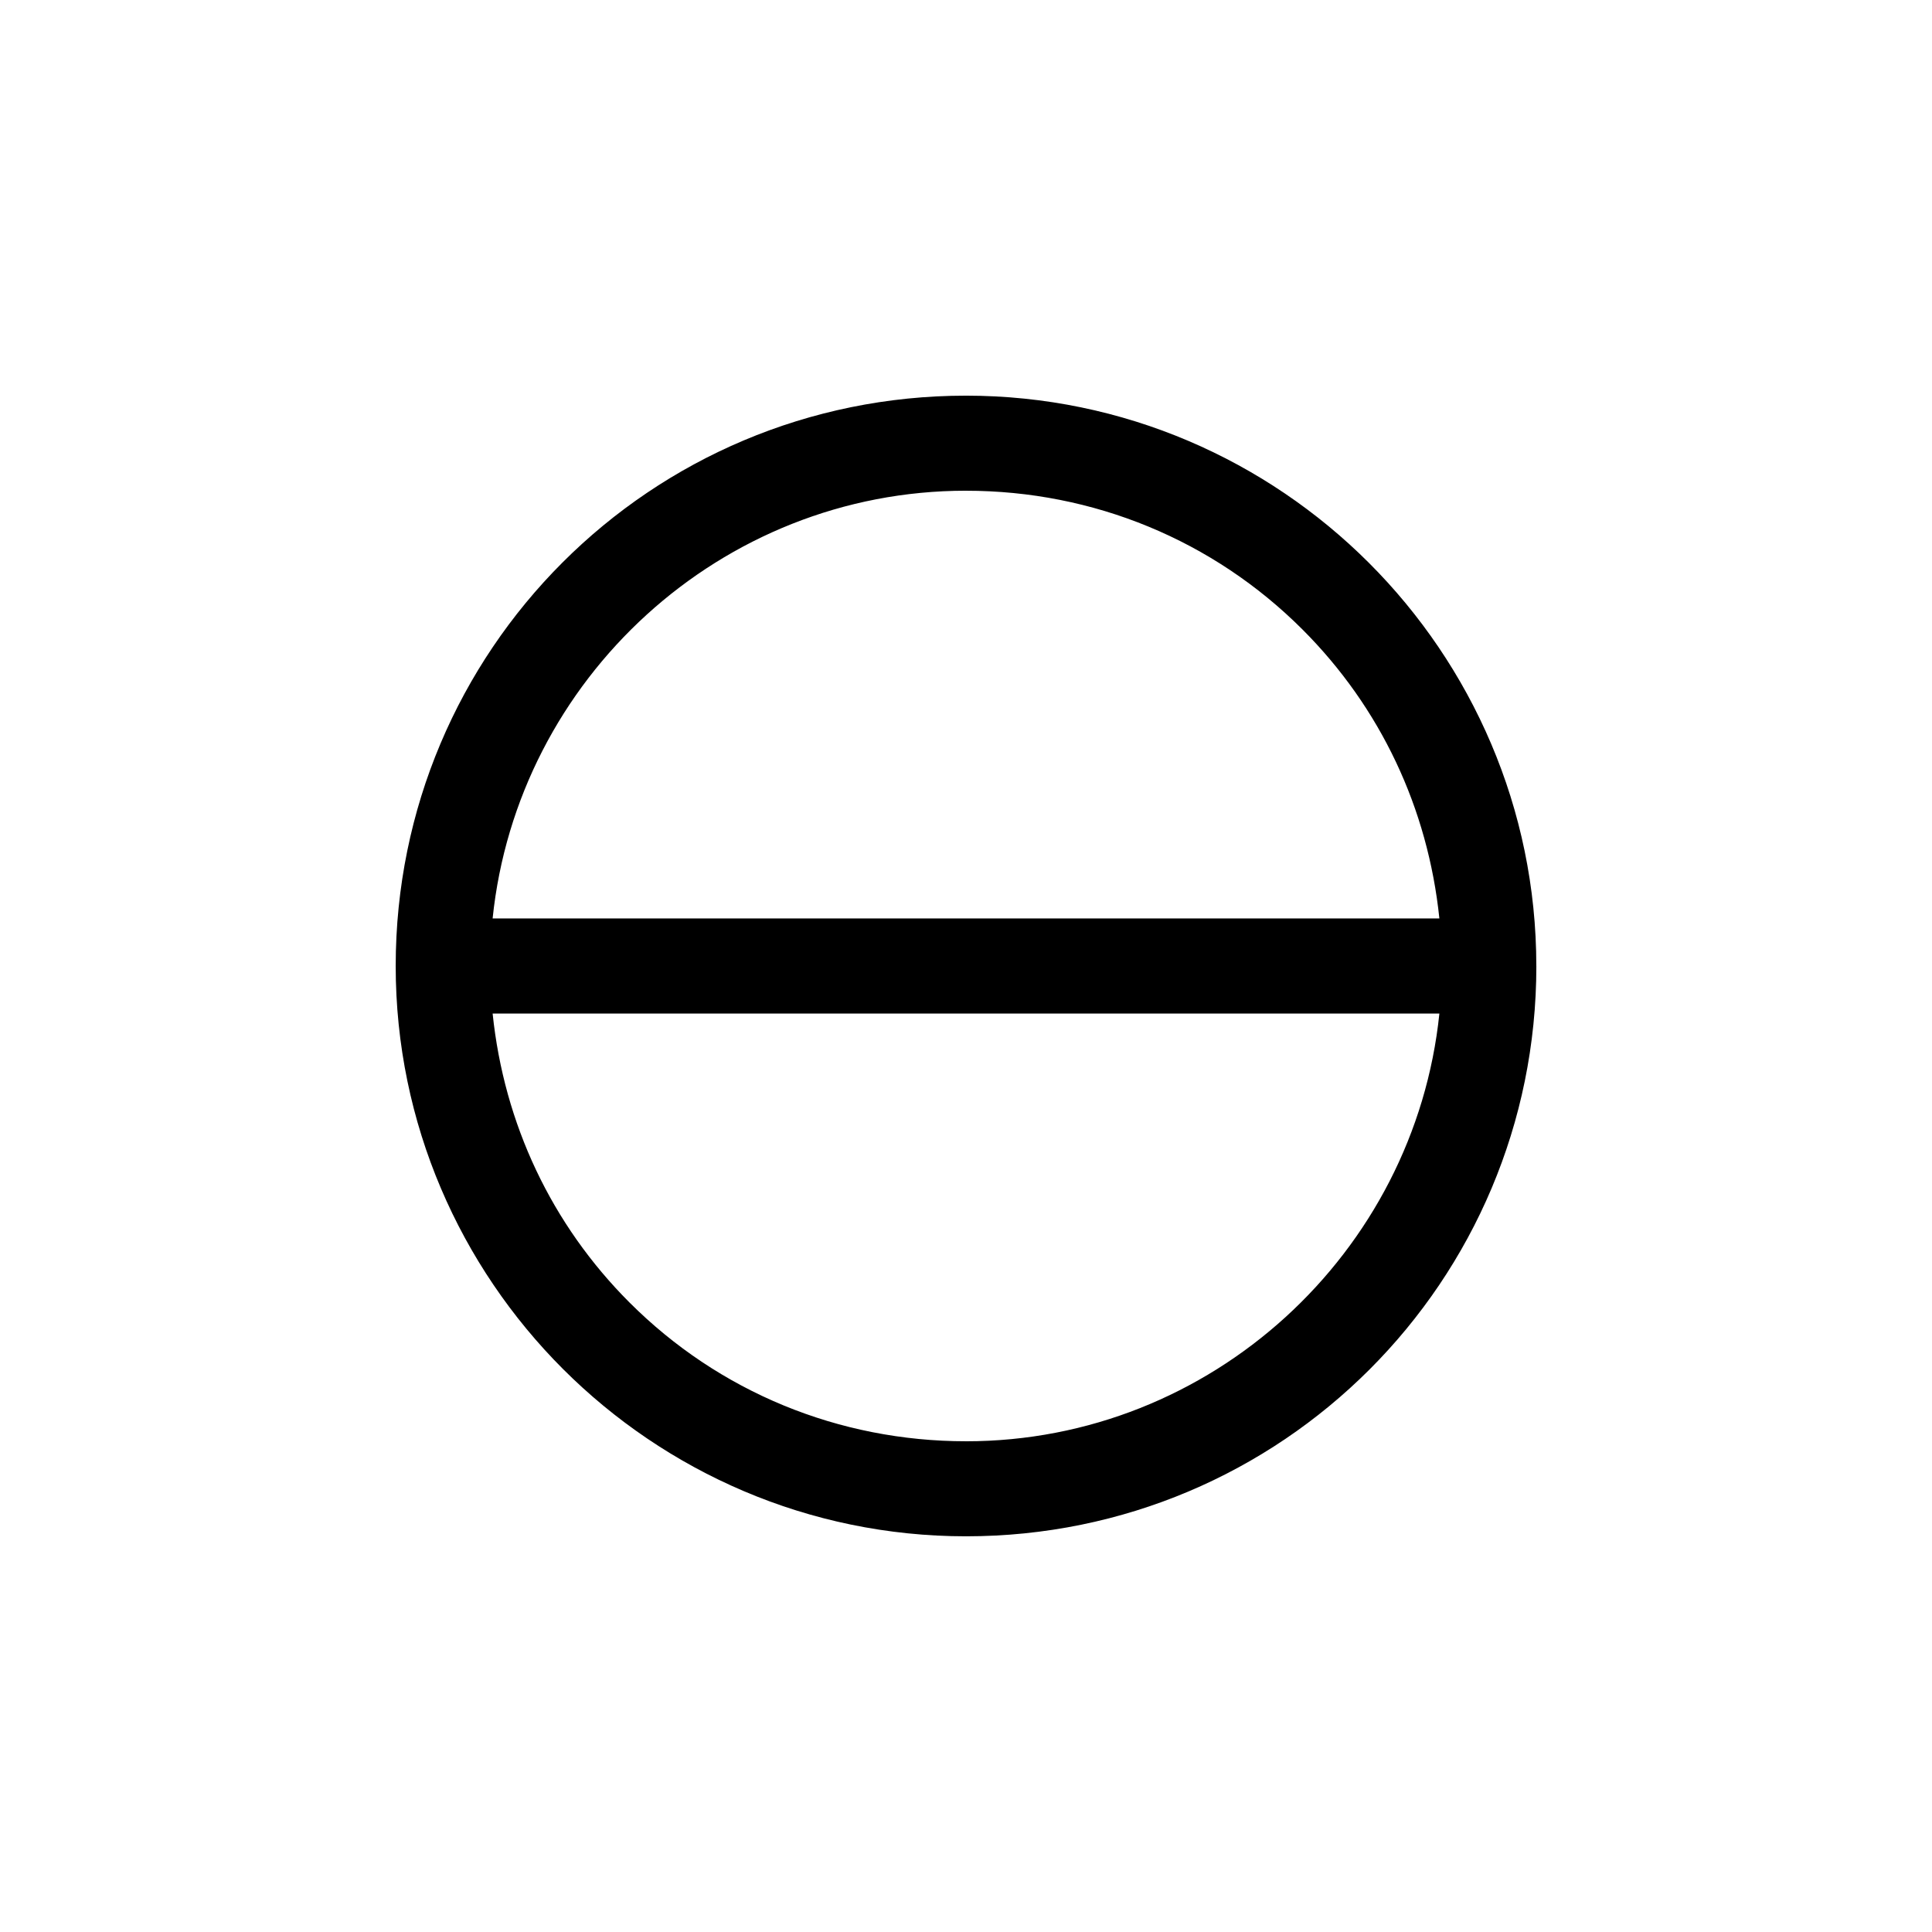 <?xml version="1.0" encoding="UTF-8"?>
<!-- Uploaded to: SVG Repo, www.svgrepo.com, Generator: SVG Repo Mixer Tools -->
<svg fill="#000000" width="800px" height="800px" version="1.1" viewBox="144 144 512 512" xmlns="http://www.w3.org/2000/svg">
 <path d="m551.14 400c0-41.816-17.129-79.602-44.336-106.81-27.203-27.207-64.988-44.336-106.8-44.336-83.633 0-151.14 67.512-151.14 151.14 0 41.816 17.129 79.602 44.336 106.81 27.207 27.203 64.992 44.332 106.81 44.332 83.633 0 151.14-67.508 151.14-151.14zm-151.14-125.95c33.754 0 65.496 13.098 89.176 36.777 20.656 20.656 33.25 47.359 36.273 76.578h-250.9c6.547-63.48 60.457-113.36 125.45-113.36zm0 251.9c-33.754 0-65.496-13.098-89.176-36.777-20.656-20.656-33.25-47.359-36.273-76.578h250.9c-6.551 63.48-60.461 113.36-125.45 113.36z"/>
</svg>
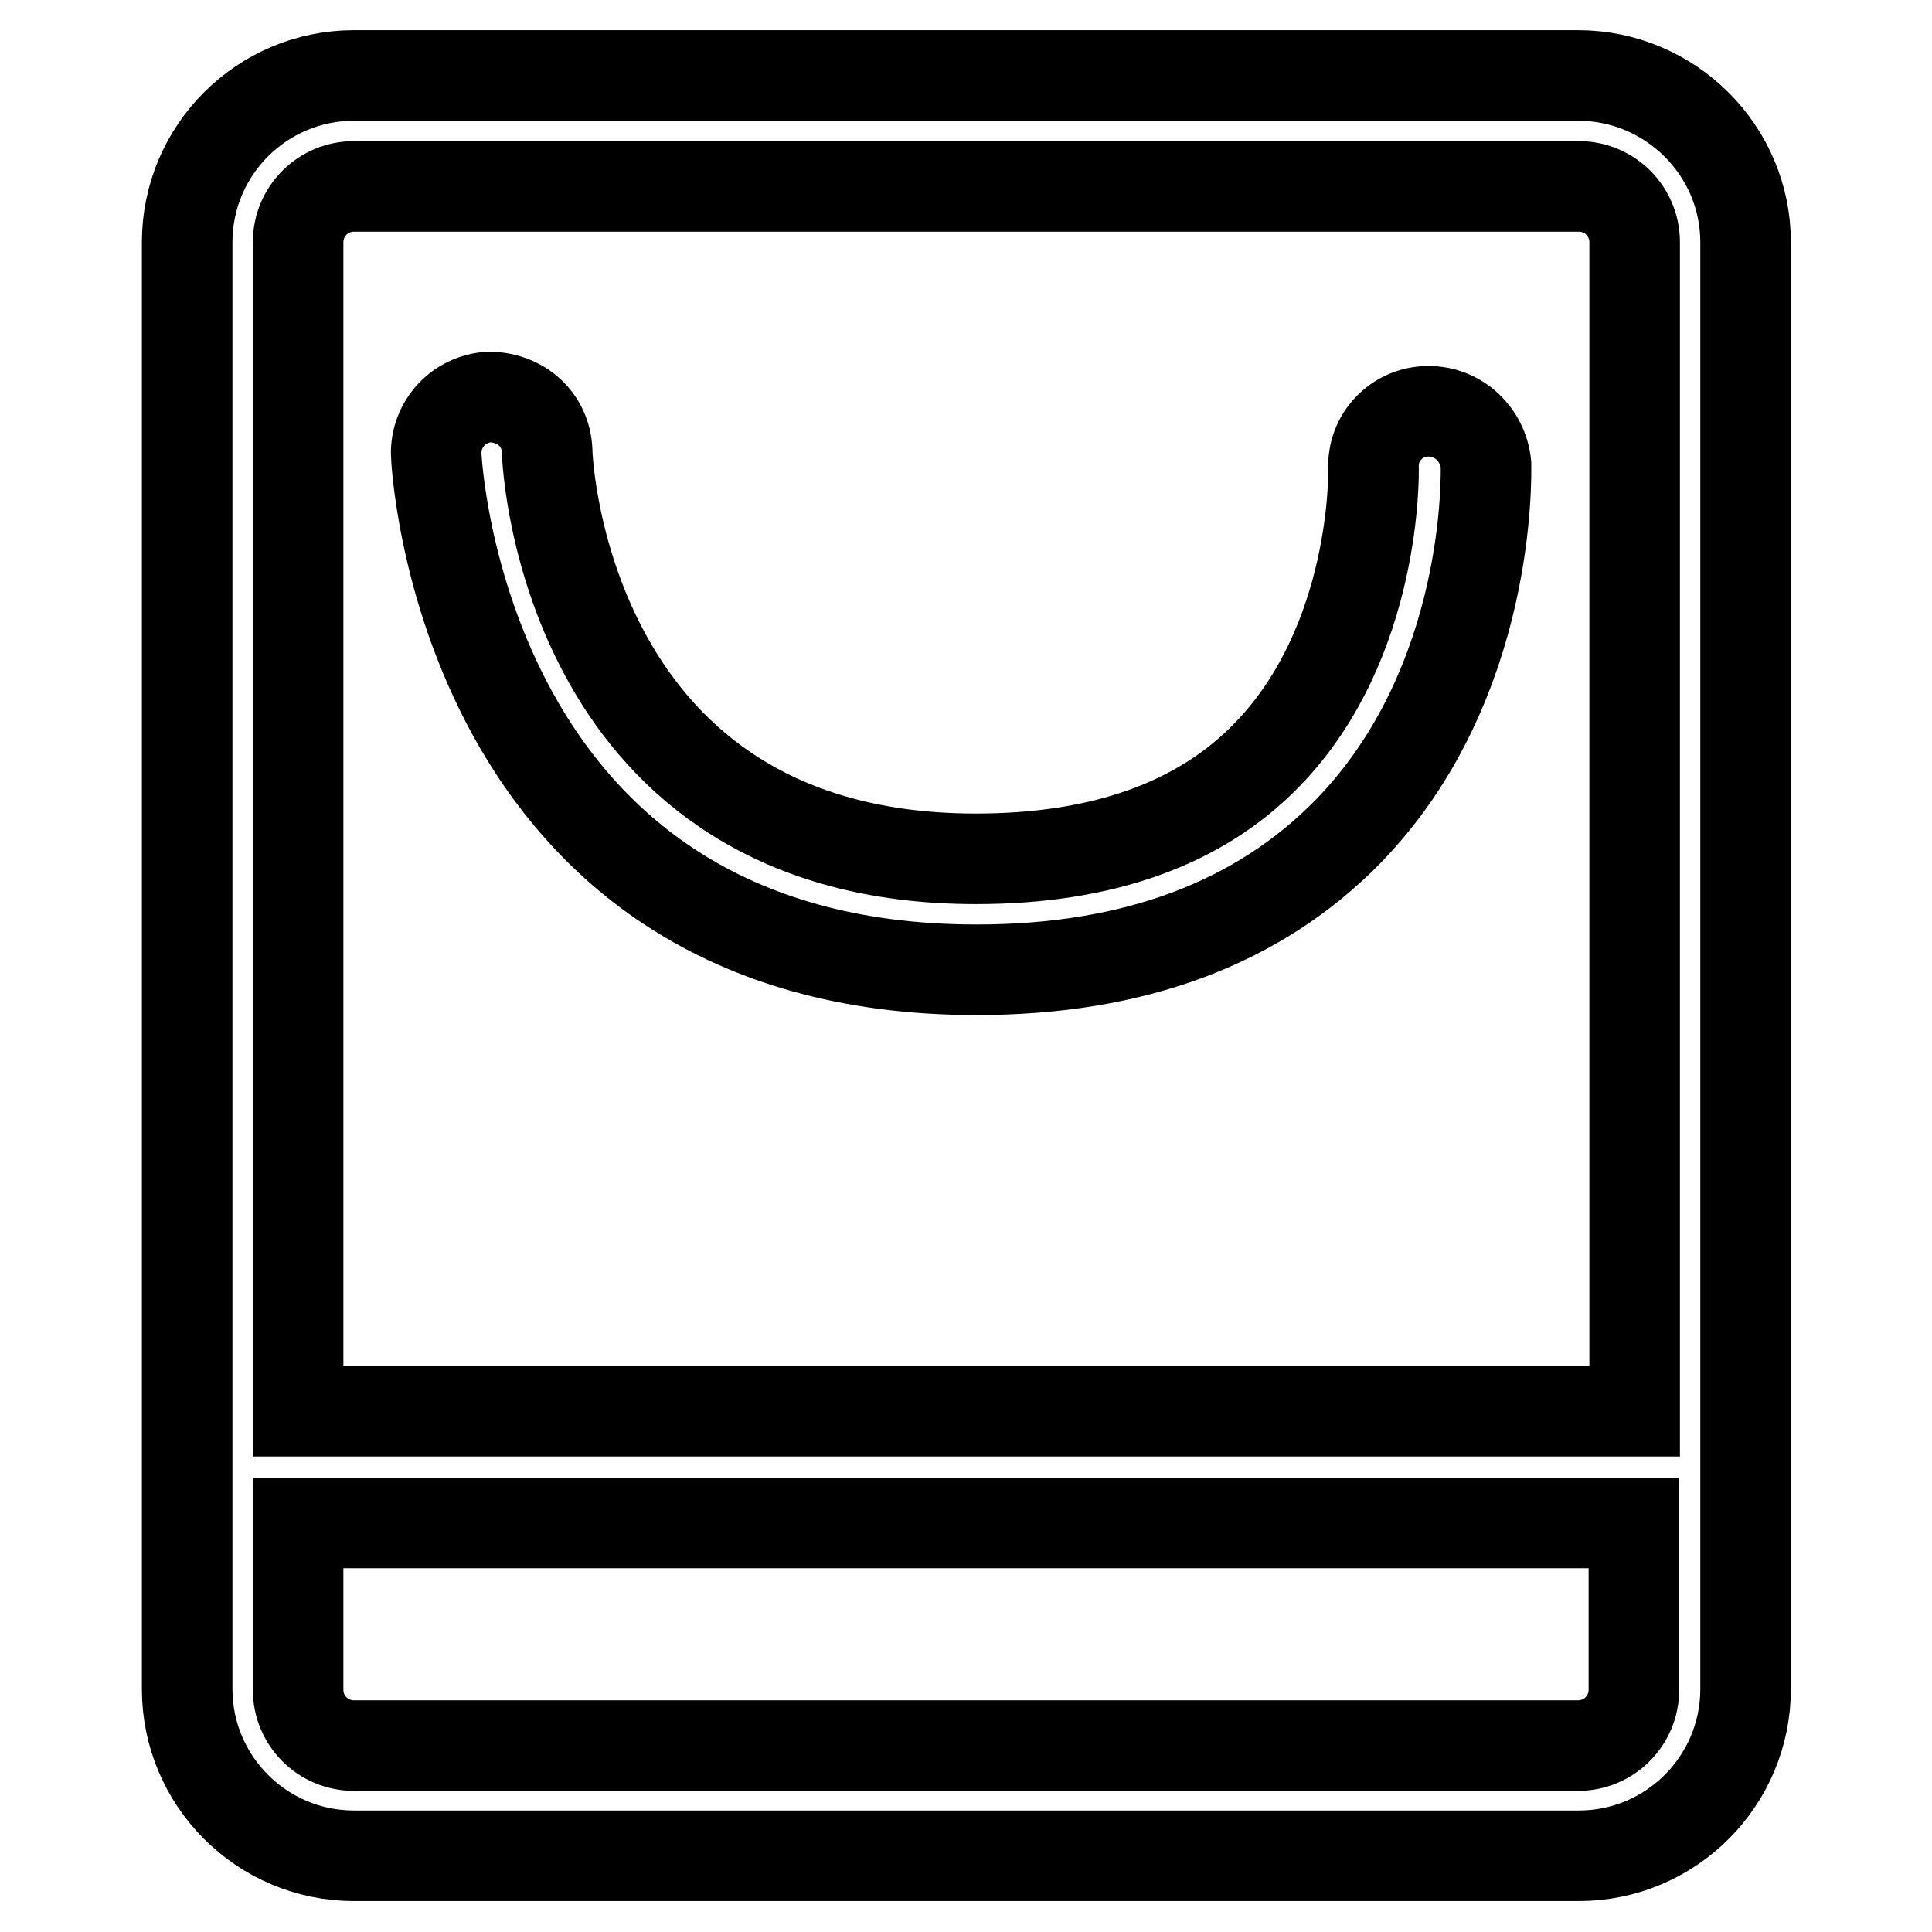 <?xml version="1.0" encoding="utf-8"?>
<!-- Svg Vector Icons : http://www.onlinewebfonts.com/icon -->
<!DOCTYPE svg PUBLIC "-//W3C//DTD SVG 1.1//EN" "http://www.w3.org/Graphics/SVG/1.1/DTD/svg11.dtd">
<svg version="1.1" xmlns="http://www.w3.org/2000/svg" xmlns:xlink="http://www.w3.org/1999/xlink" x="0px" y="0px" viewBox="0 0 256 256" enable-background="new 0 0 256 256" xml:space="preserve">
<g> <path stroke-width="12" fill-opacity="0" stroke="#000000"  d="M209.1,10H46.9c-12.2,0-22.1,9.9-22.1,22.1v191.7c0,12.2,9.9,22.1,22.1,22.1h162.3 c12.2,0,22.1-9.9,22.1-22.1V32.1C231.3,19.9,221.3,10,209.1,10z M216.5,223.9c0,4.1-3.3,7.4-7.4,7.4H46.9c-4.1,0-7.4-3.3-7.4-7.4 v-22.1h177V223.9L216.5,223.9z M216.5,187h-177V32.1c0-4.1,3.3-7.4,7.4-7.4h162.3c4.1,0,7.4,3.3,7.4,7.4V187L216.5,187z  M189.3,54.5c-0.1,0-0.1,0-0.2,0c-4.1,0.1-7.3,3.5-7.1,7.6c0,0.2,0.5,22.9-14.1,37.9c-8.9,9.2-21.9,13.8-38.6,13.8 c-54,0-56.8-51.9-56.8-54.1c-0.2-4.1-3.4-7-7.6-7.1c-4.1,0.2-7.2,3.6-7.1,7.6c0,0.7,3.2,68.3,71.6,68.3c20.9,0,37.4-6.2,49.3-18.4 c19-19.6,18.2-47.4,18.2-48.6C196.5,57.6,193.3,54.5,189.3,54.5z"/></g>
</svg>

--

- Task to carry out -
Among the records, find the lines that contain "xmlns" and copy each of them.

- Written answer -
<svg fill="#000000" width="800px" height="800px" version="1.1" viewBox="144 144 512 512" xmlns="http://www.w3.org/2000/svg">
<svg version="1.1" xmlns="http://www.w3.org/2000/svg" xmlns:xlink="http://www.w3.org/1999/xlink" x="0px" y="0px" viewBox="0 0 256 256" enable-background="new 0 0 256 256" xml:space="preserve">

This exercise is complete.